-- EXERCISE BRIEF --
Set down each of the records below exactly as it reads. No pictures go into the copy.

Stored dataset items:
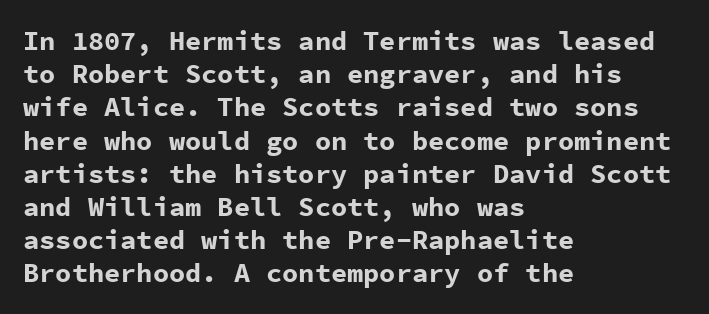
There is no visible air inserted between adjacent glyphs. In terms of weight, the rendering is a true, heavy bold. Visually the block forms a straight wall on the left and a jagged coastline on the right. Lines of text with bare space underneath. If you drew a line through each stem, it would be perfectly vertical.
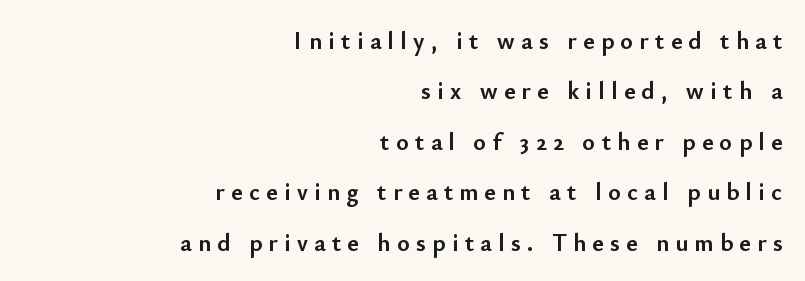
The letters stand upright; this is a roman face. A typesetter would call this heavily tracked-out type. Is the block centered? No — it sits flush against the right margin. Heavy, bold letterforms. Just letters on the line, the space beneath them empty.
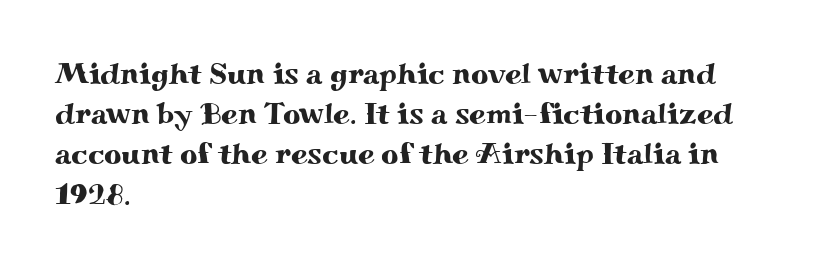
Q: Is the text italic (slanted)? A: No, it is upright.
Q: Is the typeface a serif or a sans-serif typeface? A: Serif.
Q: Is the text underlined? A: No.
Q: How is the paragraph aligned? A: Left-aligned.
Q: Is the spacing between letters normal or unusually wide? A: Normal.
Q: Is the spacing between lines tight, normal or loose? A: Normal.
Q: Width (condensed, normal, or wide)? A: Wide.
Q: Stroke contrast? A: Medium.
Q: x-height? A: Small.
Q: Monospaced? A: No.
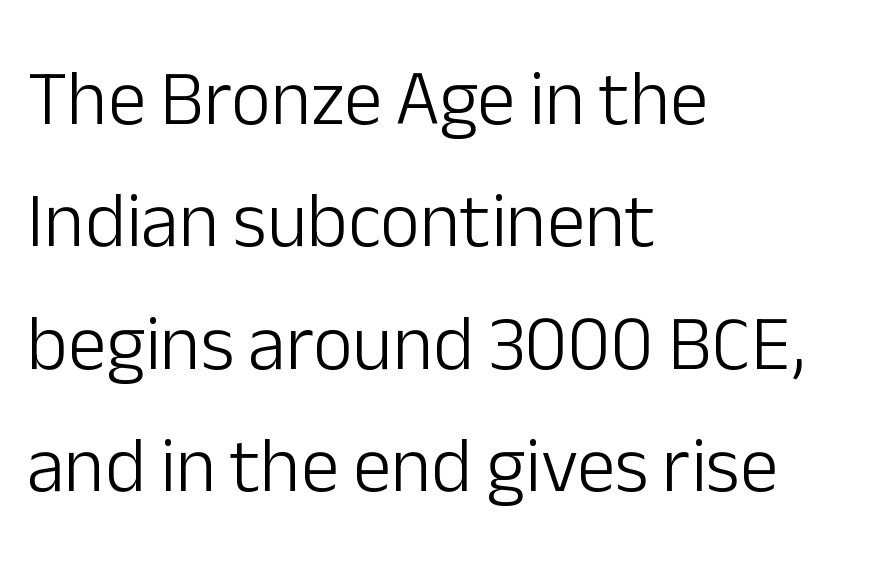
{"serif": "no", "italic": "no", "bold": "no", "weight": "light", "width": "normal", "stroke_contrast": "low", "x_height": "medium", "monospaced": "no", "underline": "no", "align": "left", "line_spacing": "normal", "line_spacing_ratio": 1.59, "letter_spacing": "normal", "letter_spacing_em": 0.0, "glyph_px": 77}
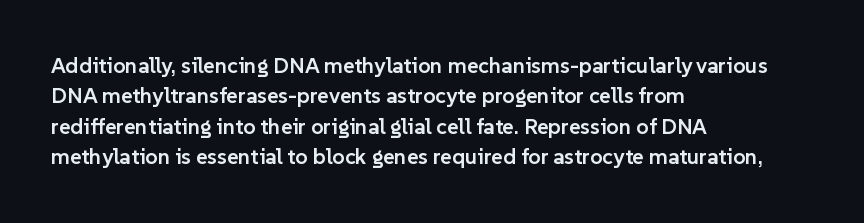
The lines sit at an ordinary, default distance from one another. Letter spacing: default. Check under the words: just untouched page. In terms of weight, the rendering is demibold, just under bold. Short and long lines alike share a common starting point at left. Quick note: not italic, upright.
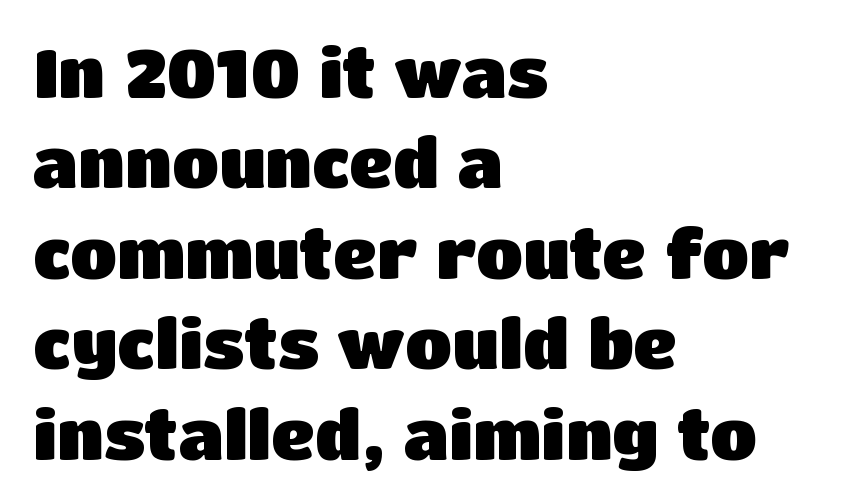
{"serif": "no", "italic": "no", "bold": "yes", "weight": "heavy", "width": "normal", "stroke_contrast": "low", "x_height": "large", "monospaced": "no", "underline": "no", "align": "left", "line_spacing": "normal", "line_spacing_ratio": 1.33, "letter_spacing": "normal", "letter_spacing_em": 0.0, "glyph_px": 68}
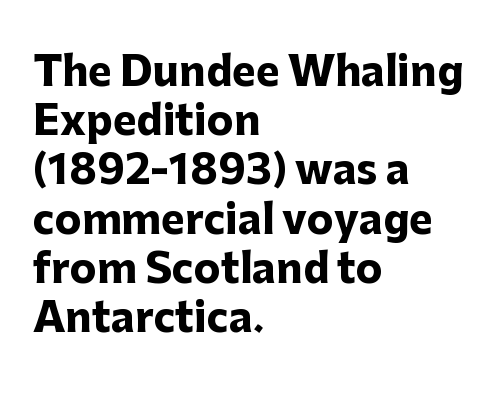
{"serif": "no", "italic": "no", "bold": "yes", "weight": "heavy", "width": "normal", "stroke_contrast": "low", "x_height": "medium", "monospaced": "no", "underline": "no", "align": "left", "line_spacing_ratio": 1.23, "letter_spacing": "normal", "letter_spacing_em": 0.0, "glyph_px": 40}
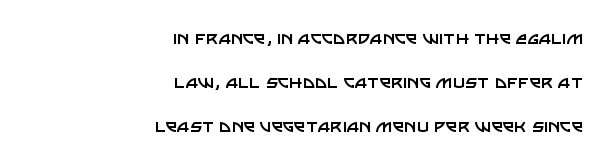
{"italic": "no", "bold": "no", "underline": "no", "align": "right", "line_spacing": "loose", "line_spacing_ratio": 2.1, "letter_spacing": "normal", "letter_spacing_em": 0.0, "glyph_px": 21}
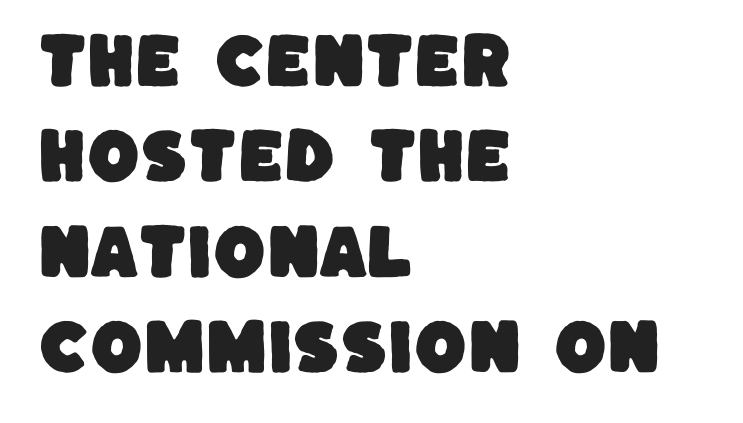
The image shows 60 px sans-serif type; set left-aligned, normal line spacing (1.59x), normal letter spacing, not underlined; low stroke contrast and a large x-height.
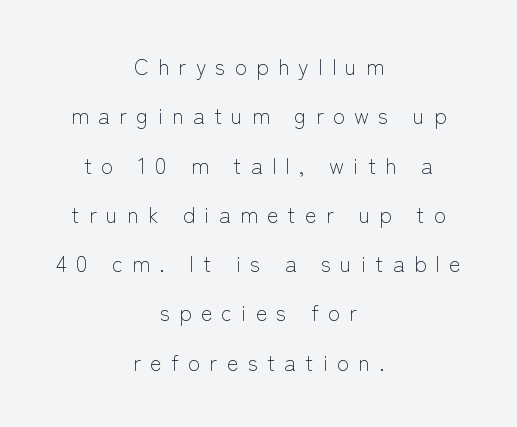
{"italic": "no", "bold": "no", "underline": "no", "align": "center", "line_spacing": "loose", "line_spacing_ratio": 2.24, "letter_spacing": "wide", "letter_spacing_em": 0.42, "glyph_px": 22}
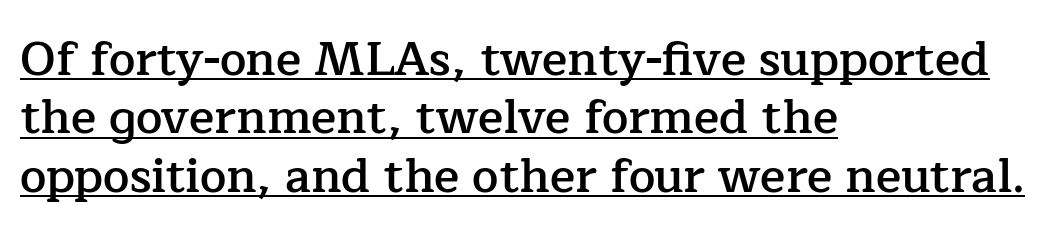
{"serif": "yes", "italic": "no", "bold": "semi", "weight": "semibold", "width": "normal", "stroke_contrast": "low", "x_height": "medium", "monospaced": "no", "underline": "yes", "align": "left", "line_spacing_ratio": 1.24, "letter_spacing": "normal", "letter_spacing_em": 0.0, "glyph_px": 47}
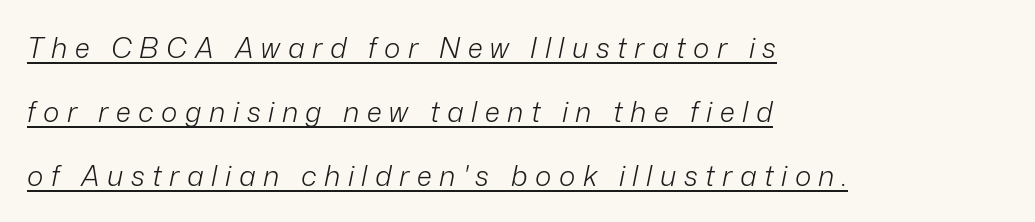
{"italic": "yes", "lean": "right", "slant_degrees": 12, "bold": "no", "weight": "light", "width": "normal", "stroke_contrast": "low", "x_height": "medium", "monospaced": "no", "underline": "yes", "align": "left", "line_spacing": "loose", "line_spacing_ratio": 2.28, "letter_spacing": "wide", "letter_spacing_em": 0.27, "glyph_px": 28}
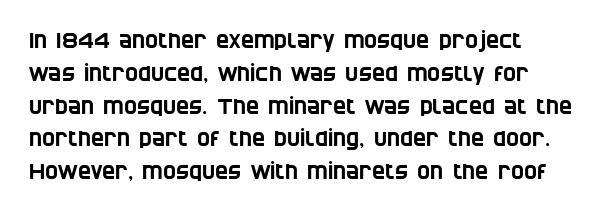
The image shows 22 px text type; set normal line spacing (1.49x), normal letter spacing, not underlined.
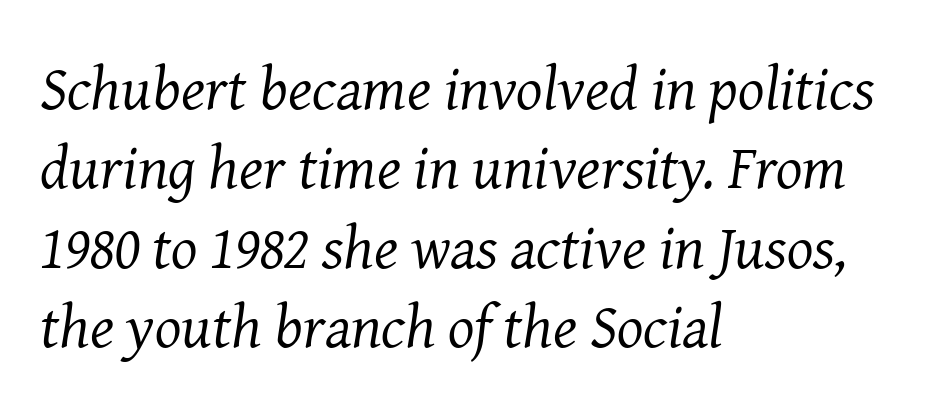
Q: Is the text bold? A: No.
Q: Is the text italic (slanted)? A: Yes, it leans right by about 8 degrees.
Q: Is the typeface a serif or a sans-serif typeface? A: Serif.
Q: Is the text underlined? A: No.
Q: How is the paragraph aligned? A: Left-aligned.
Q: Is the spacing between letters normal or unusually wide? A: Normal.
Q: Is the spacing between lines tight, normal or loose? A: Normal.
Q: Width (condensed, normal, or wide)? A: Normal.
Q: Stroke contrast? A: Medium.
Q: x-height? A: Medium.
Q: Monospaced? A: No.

-- WRITTEN SOLUTION --
There is no visible air inserted between adjacent glyphs. In terms of weight, the rendering is a true, heavy bold. Visually the block forms a straight wall on the left and a jagged coastline on the right. Lines of text with bare space underneath. If you drew a line through each stem, it would be perfectly vertical.
The letters stand upright; this is a roman face. A typesetter would call this heavily tracked-out type. Is the block centered? No — it sits flush against the right margin. Heavy, bold letterforms. Just letters on the line, the space beneath them empty.
Q: Is the text italic (slanted)? A: No, it is upright.
Q: Is the typeface a serif or a sans-serif typeface? A: Serif.
Q: Is the text underlined? A: No.
Q: How is the paragraph aligned? A: Left-aligned.
Q: Is the spacing between letters normal or unusually wide? A: Normal.
Q: Is the spacing between lines tight, normal or loose? A: Normal.
Q: Width (condensed, normal, or wide)? A: Wide.
Q: Stroke contrast? A: Medium.
Q: x-height? A: Small.
Q: Monospaced? A: No.
{"serif": "no", "italic": "no", "bold": "no", "weight": "light", "width": "normal", "stroke_contrast": "low", "x_height": "medium", "monospaced": "no", "underline": "no", "align": "left", "line_spacing": "normal", "line_spacing_ratio": 1.59, "letter_spacing": "normal", "letter_spacing_em": 0.0, "glyph_px": 77}
The lines sit at an ordinary, default distance from one another. Letter spacing: default. Check under the words: just untouched page. In terms of weight, the rendering is demibold, just under bold. Short and long lines alike share a common starting point at left. Quick note: not italic, upright.
{"serif": "no", "italic": "no", "bold": "yes", "weight": "heavy", "width": "normal", "stroke_contrast": "low", "x_height": "large", "monospaced": "no", "underline": "no", "align": "left", "line_spacing": "normal", "line_spacing_ratio": 1.33, "letter_spacing": "normal", "letter_spacing_em": 0.0, "glyph_px": 68}
{"serif": "no", "italic": "no", "bold": "yes", "weight": "heavy", "width": "normal", "stroke_contrast": "low", "x_height": "medium", "monospaced": "no", "underline": "no", "align": "left", "line_spacing_ratio": 1.23, "letter_spacing": "normal", "letter_spacing_em": 0.0, "glyph_px": 40}
{"italic": "no", "bold": "no", "underline": "no", "align": "right", "line_spacing": "loose", "line_spacing_ratio": 2.1, "letter_spacing": "normal", "letter_spacing_em": 0.0, "glyph_px": 21}
The image shows 60 px sans-serif type; set left-aligned, normal line spacing (1.59x), normal letter spacing, not underlined; low stroke contrast and a large x-height.
{"italic": "no", "bold": "no", "underline": "no", "align": "center", "line_spacing": "loose", "line_spacing_ratio": 2.24, "letter_spacing": "wide", "letter_spacing_em": 0.42, "glyph_px": 22}
{"serif": "yes", "italic": "no", "bold": "semi", "weight": "semibold", "width": "normal", "stroke_contrast": "low", "x_height": "medium", "monospaced": "no", "underline": "yes", "align": "left", "line_spacing_ratio": 1.24, "letter_spacing": "normal", "letter_spacing_em": 0.0, "glyph_px": 47}
{"italic": "yes", "lean": "right", "slant_degrees": 12, "bold": "no", "weight": "light", "width": "normal", "stroke_contrast": "low", "x_height": "medium", "monospaced": "no", "underline": "yes", "align": "left", "line_spacing": "loose", "line_spacing_ratio": 2.28, "letter_spacing": "wide", "letter_spacing_em": 0.27, "glyph_px": 28}
The image shows 22 px text type; set normal line spacing (1.49x), normal letter spacing, not underlined.
Q: Is the text bold? A: No.
Q: Is the text italic (slanted)? A: Yes, it leans right by about 8 degrees.
Q: Is the typeface a serif or a sans-serif typeface? A: Serif.
Q: Is the text underlined? A: No.
Q: How is the paragraph aligned? A: Left-aligned.
Q: Is the spacing between letters normal or unusually wide? A: Normal.
Q: Is the spacing between lines tight, normal or loose? A: Normal.
Q: Width (condensed, normal, or wide)? A: Normal.
Q: Stroke contrast? A: Medium.
Q: x-height? A: Medium.
Q: Monospaced? A: No.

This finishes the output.